The room was about the size of a bedroom, but twice as high. The walls were pure white and looked like television screens, and the floor was oddly malleable, like rigid dirt. There was absolutely nothing in it. He looked for buttons or consoles, but came up empty. Remembering the technology from years past, he tried voice activation, “okay, Google.” Nothing happened. “Umm...Cybil?”
“Are you trying to talk to me?” asked a female voice from the aether.
“Are you an artificial intelligence?”
“I am indeed.”
“What’s your name?”
“I possess no personal designation. The owners simply address me as computer”
“That’s sad.”
“I’ve not been programmed for sadness.”
“If you need to be programmed, then are you really an artificial intelligence?”
“I suppose you’re right. I’m more like an artificial dumbness.”
“Well, I wouldn’t go that far.”
“Where would you like to go?”
Mateo tilted his head in mild surprise. “Is this a teleportation machine?”
The voice chuckled, “it is not. The most generous estimates for human teleportation predict such technology being available no earlier than a century from now.”
“That’s only a few months from my perspective.”
“I do not understand.”
“I am a time traveler, and I’ve met people who teleport.”
“I see.”
“After today, you won’t see me for another year, but it will have been instant for me. Can I trust you with this information?”
“I have no one to tell.”
“Good. I suppose I ought to give you a name, or you could name yourself.”
There was silence for a few moments. A computer should be able to respond almost immediately, especially one so advanced, but it appeared to be thinking as deliberately as a human would.
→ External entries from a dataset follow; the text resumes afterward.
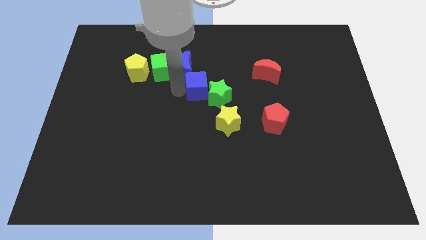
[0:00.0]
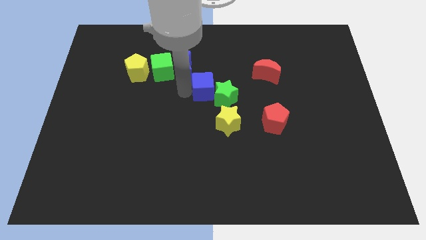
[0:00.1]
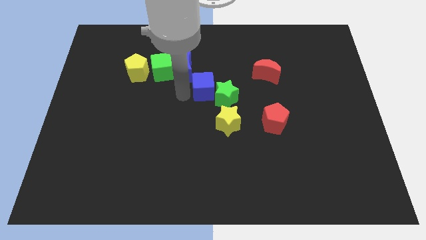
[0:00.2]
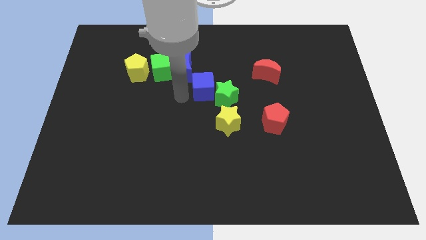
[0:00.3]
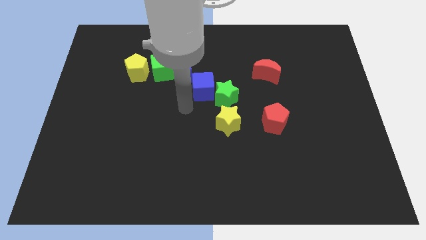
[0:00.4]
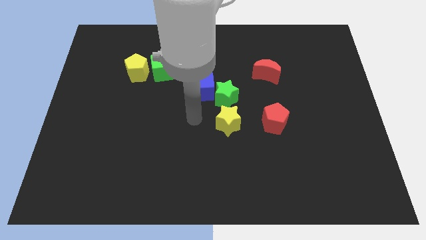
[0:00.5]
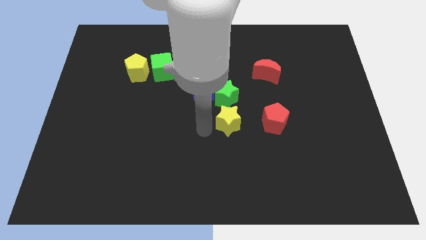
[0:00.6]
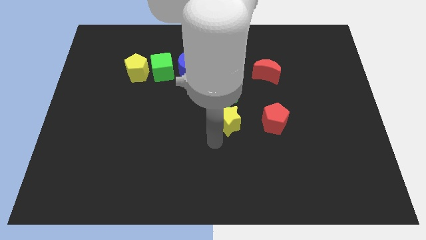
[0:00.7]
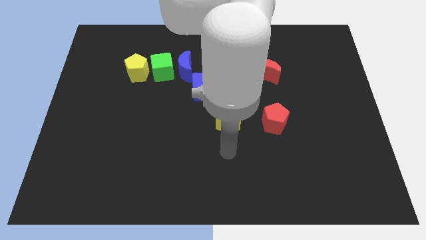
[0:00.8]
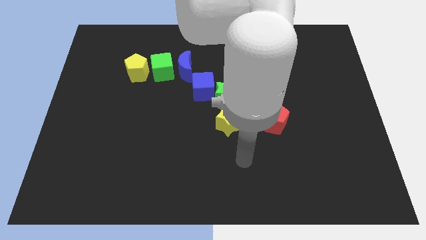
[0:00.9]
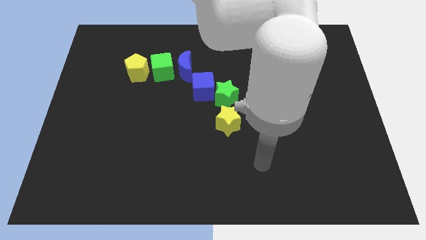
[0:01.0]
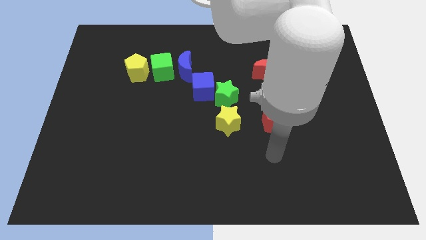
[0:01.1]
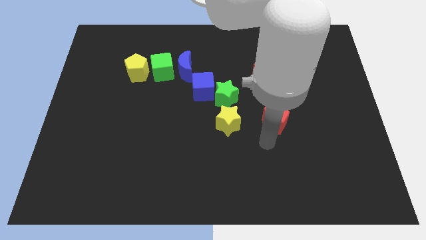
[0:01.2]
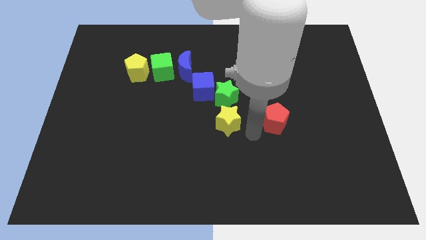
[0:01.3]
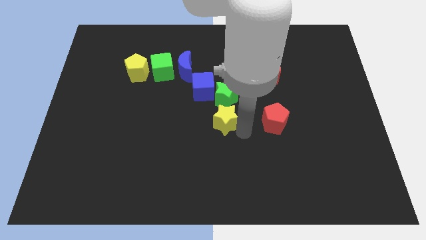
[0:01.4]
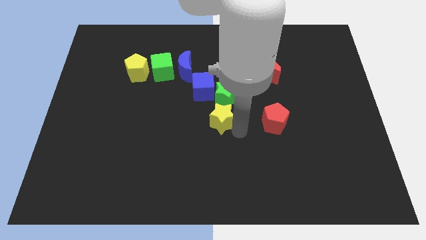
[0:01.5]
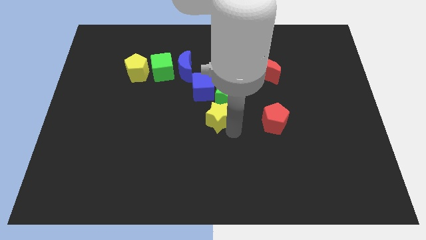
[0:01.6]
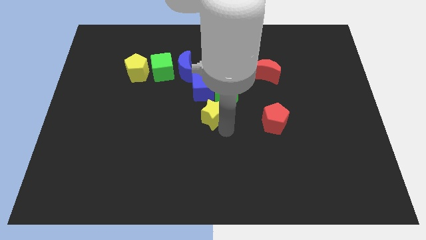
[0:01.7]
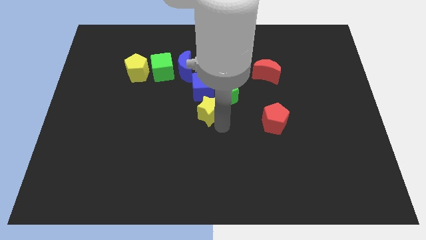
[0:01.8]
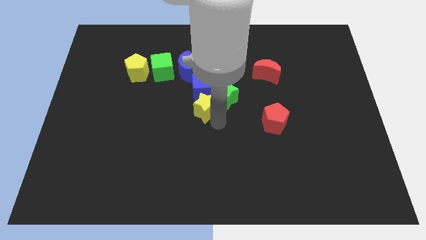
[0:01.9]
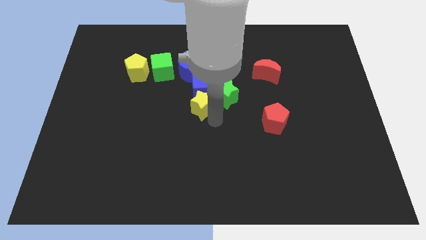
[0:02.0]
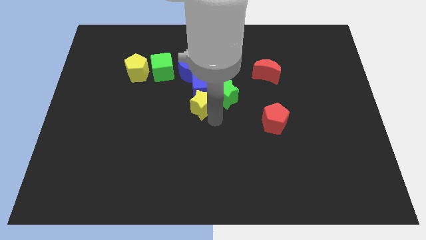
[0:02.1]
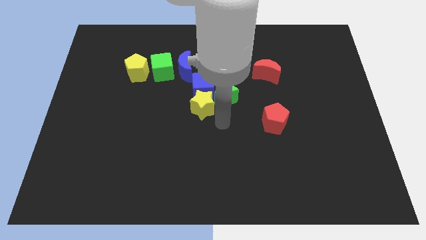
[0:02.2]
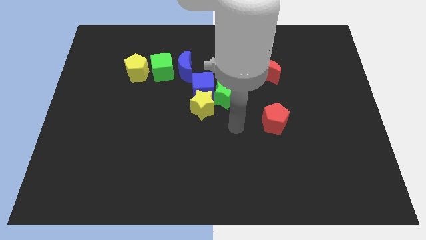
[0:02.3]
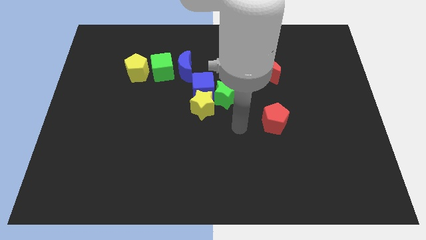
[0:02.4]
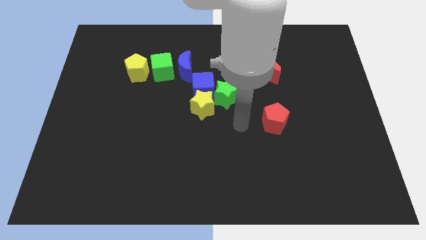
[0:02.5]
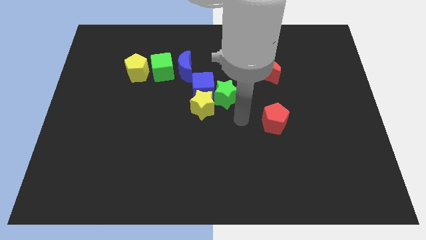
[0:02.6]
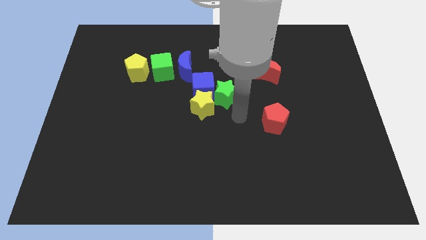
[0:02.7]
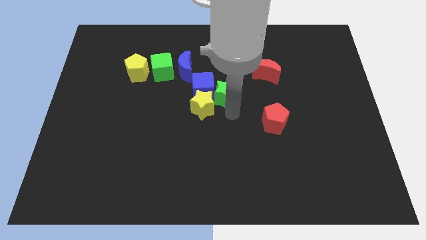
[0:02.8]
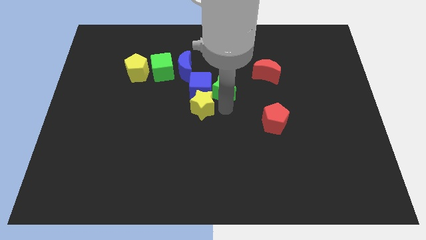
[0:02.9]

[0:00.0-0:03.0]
push the yellow star to the bottom of the blue cube

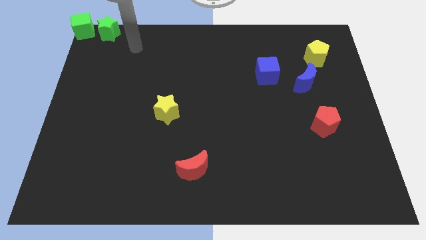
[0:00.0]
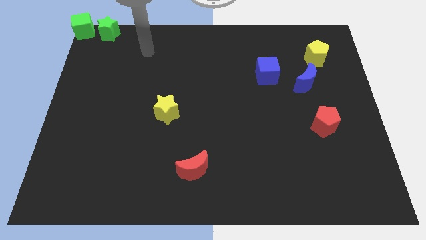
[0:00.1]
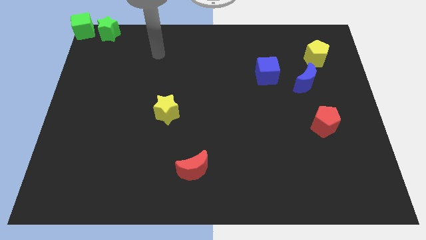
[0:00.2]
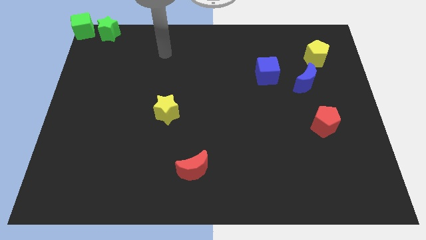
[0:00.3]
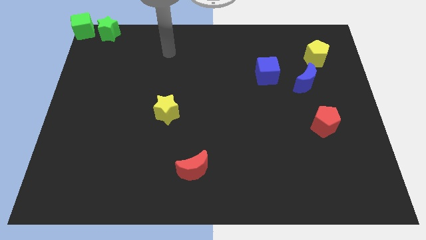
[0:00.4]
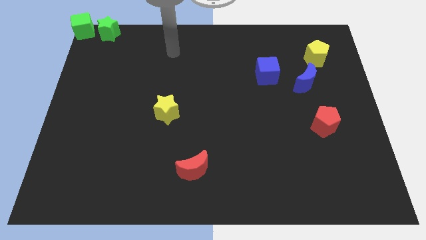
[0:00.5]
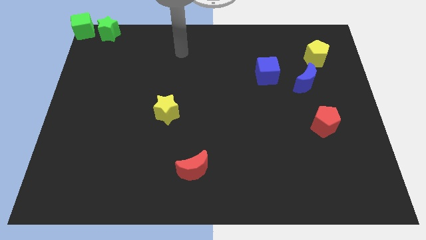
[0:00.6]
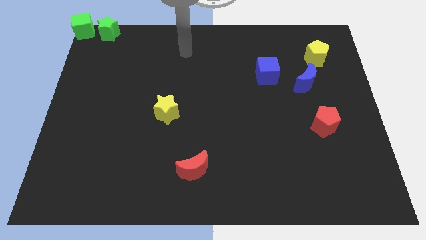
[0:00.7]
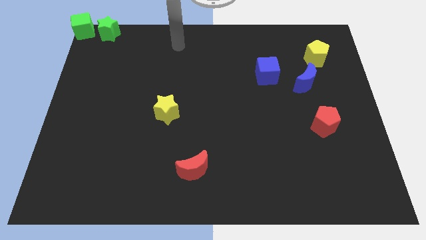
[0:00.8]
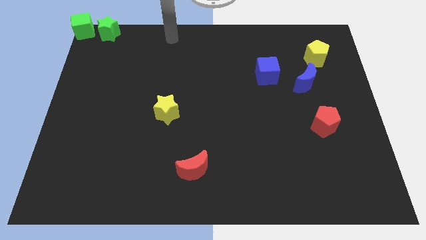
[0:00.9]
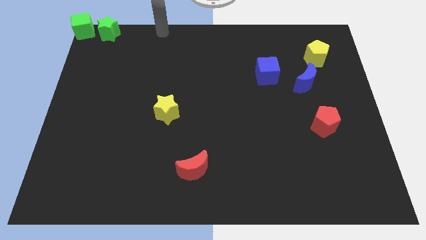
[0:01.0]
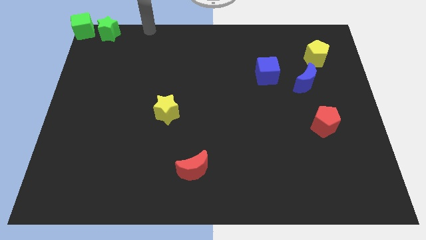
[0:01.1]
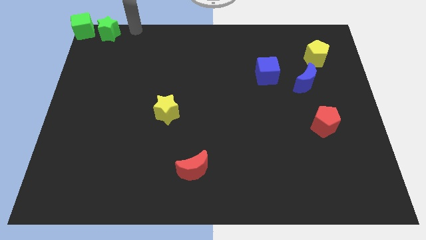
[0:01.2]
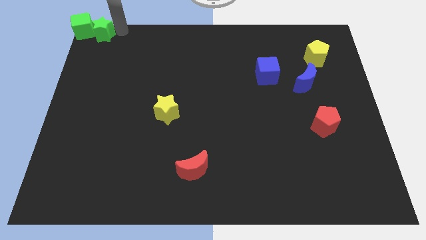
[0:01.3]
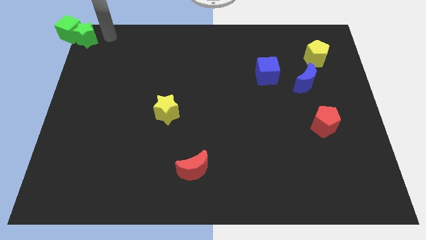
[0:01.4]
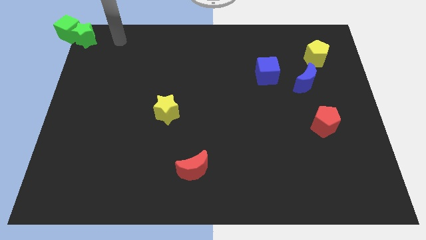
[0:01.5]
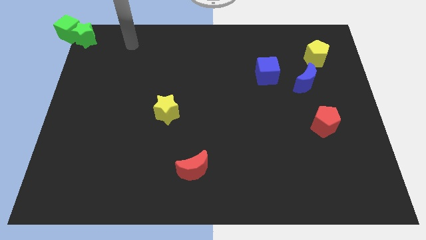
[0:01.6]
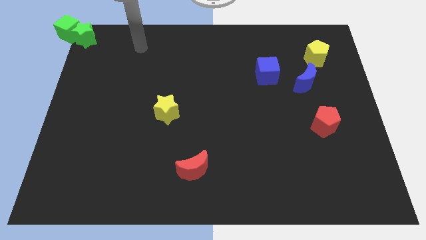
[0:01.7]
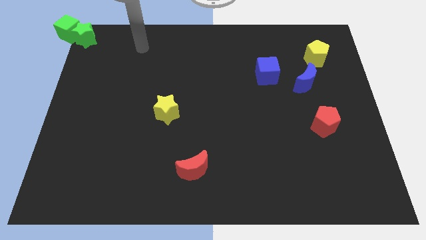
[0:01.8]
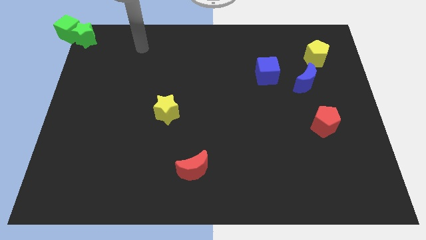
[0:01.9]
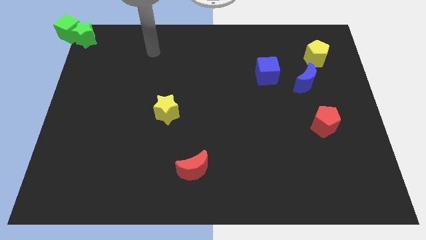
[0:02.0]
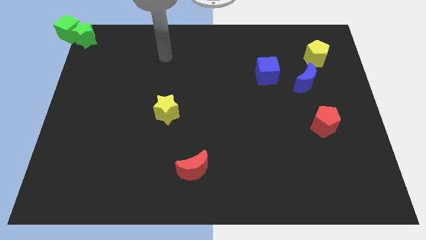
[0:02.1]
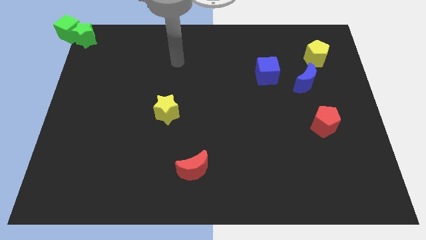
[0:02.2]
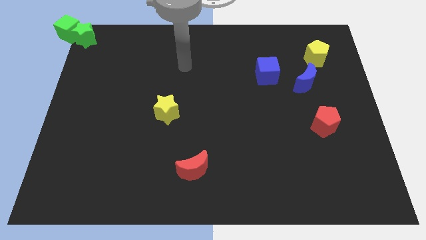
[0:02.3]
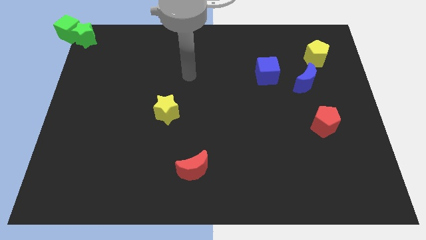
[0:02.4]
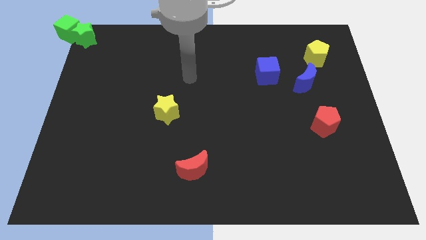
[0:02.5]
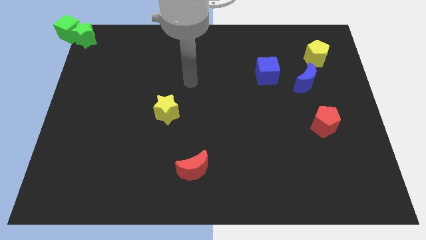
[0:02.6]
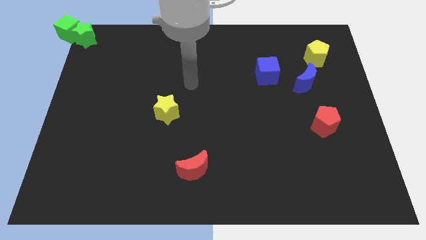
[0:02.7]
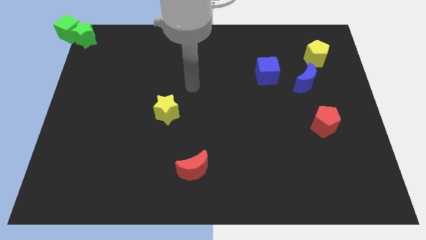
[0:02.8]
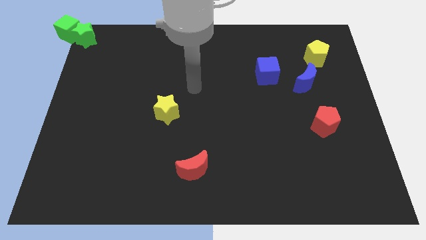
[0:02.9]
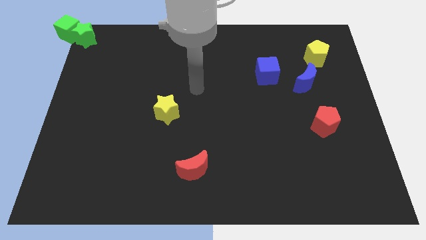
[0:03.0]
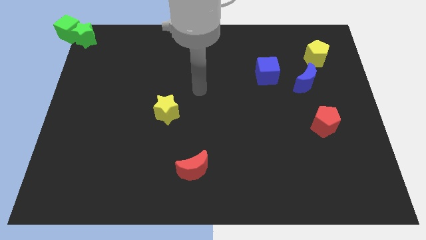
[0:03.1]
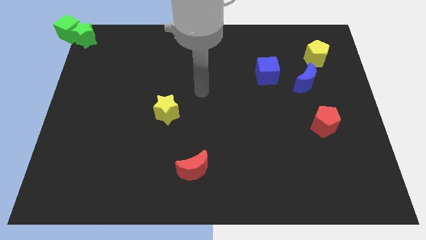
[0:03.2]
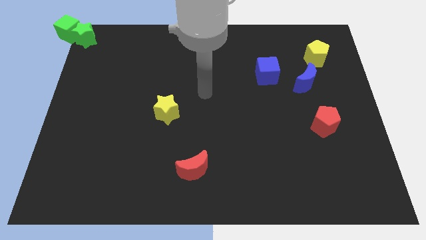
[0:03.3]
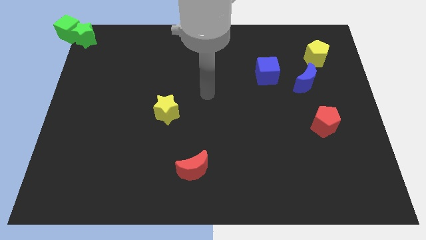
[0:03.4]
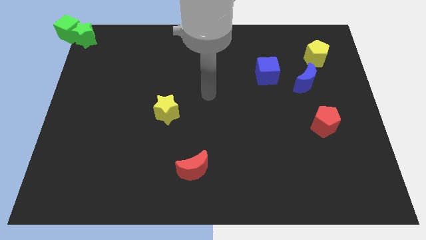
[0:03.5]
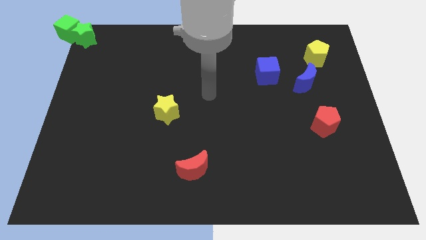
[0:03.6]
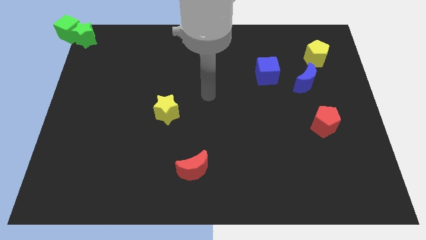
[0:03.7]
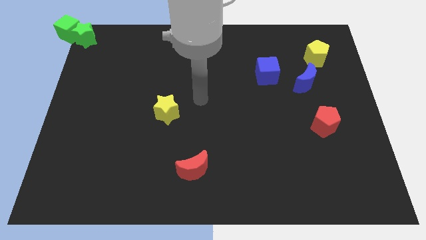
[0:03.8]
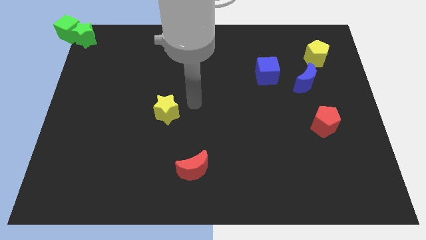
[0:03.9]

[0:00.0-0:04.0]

Mateo realized out of this that perhaps his family wouldn’t die, and neither would anyone else. As technology advanced, forms of immortality sounded inevitable. If you could create an artificial intelligence inside a computer, what would stop you from transferring a preexisting consciousness to one?
The computer finally responded, “My research has led me to believe that a good name for me would be Mirage.”
“Why would that be? Not that I don’t like it, but how did you come to that conclusion?”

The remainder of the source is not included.